TLDR: ASK-HINT is a new method that uses detailed, action-specific questions to guide AI vision-language models in detecting unusual events in videos. Unlike abstract prompts, ASK-HINT’s fine-grained approach improves accuracy, provides clear explanations for its decisions, and works effectively without needing extensive training, making it a highly adaptable solution for surveillance and other applications.
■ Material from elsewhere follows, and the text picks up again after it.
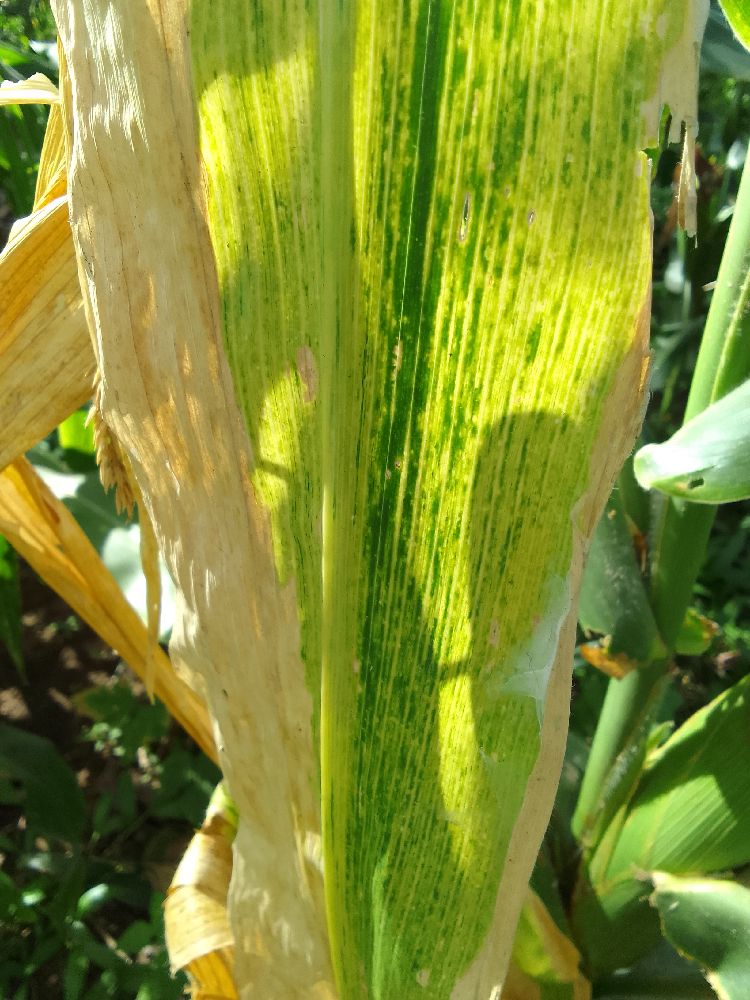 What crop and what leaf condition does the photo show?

Detecting unusual or abnormal events in video streams, known as Video Anomaly Detection (VAD), is a critical task with wide-ranging applications, from autonomous driving to surveillance monitoring. While simply identifying an anomaly is important, practical systems also need to explain why an event is considered abnormal. Recent advancements in Vision-Language Models (VLMs), which combine powerful visual understanding with language reasoning, show great promise for VAD, offering natural language explanations.
However, current methods often use very general or abstract prompts to guide these VLMs. These prompts frequently miss the subtle, fine-grained details of human-object interactions or specific actions that truly define complex anomalies in real-world surveillance footage. For instance, an abstract prompt might fail to recognize a robbery because it doesn’t specifically look for actions like ‘property being taken’ or ‘physical confrontation’.
Introducing ASK-HINT: A Smarter Way to Prompt VLMs
To address this limitation, researchers have introduced a novel framework called ASK-HINT. This structured prompting approach leverages action-centric knowledge to extract more accurate and understandable reasoning from existing, pre-trained VLMs. The core idea is to move beyond vague questions and instead use detailed, specific inquiries that align the model’s predictions with clear visual cues.
ASK-HINT organizes its prompts into semantically meaningful groups, such as ‘violence’, ‘property crimes’, or ‘public safety incidents’. Within these groups, it formulates fine-grained guiding questions. For example, instead of asking ‘Is there an anomaly?’, it might ask ‘Do you see punching, kicking, or wrestling on the ground?’ or ‘Is there any fire or smoke?’. This level of detail helps the VLM focus on specific visual evidence, leading to better detection and more interpretable explanations.
How ASK-HINT Works
The framework operates in three main steps:
1. Class-Wise Prompt Construction: Initially, a pool of fine-grained, action-focused questions is created for each type of anomaly. These questions are designed to target concrete visual actions or human-object interactions relevant to that specific anomaly class.
2. Semantic Compression via Prompt Selection: A key insight of ASK-HINT is that many anomaly types share common underlying actions. For example, ‘setting fire’ is relevant to both ‘Arson’ and ‘Explosion’. The framework uses the VLM itself to identify and cluster semantically related prompts. These clusters are then summarized into a compact set of 2-3 generalized guiding questions for each group (e.g., ‘Violence or Harm to People’, ‘Crimes Against Property’, ‘Public Safety Incidents’). This compression makes the process more efficient and reduces the risk of the model getting confused by too many irrelevant prompts.
3. Structured Inference with Explanation Trace: During detection, the VLM uses this compact set of guiding questions. It first makes a binary decision: is the video ‘Normal’ or ‘Abnormal’? If abnormal, it then assigns the video to one of the predefined semantic groups and provides a concise reason based on the specific questions it answered ‘yes’ to. This structured output provides a clear, human-auditable explanation for the anomaly detection.
Also Read:
- Making Sense of AI: Generating Understandable Explanations for Video Summaries
- GroundSight: Enhancing Visual Question Answering with Focused Attention and Hallucination Control
Key Advantages and Performance
ASK-HINT offers several significant benefits:
- Improved Accuracy: Extensive experiments on datasets like UCF-Crime and XD-Violence show that ASK-HINT consistently outperforms previous methods, including both training-free and some fine-tuned approaches, achieving state-of-the-art performance.
- Enhanced Interpretability: By providing detailed reasoning traces aligned with fine-grained actions, the framework makes VLM decisions transparent and understandable.
- Training-Free and Generalizable: ASK-HINT works with frozen (pre-trained) VLMs without requiring any additional training or fine-tuning. This makes it highly adaptable and capable of generalizing across different datasets and even to previously unseen anomaly categories.
The research demonstrates that the granularity of prompts plays a critical role in unlocking the full reasoning capabilities of VLMs for video anomaly detection. By focusing on specific actions rather than abstract labels, ASK-HINT establishes a new, efficient, and explainable solution for this challenging task.
For more technical details, you can refer to the full research paper: Unlocking Vision-Language Models for Video Anomaly Detection via Fine-Grained Prompting.
While ASK-HINT represents a significant step forward, the authors acknowledge limitations, such as its reliance on a static prompt set and its current lack of explicit temporal modeling. Future work will explore dynamic, context-aware prompting and incorporating more sophisticated temporal reasoning to further enhance its capabilities in complex, evolving environments.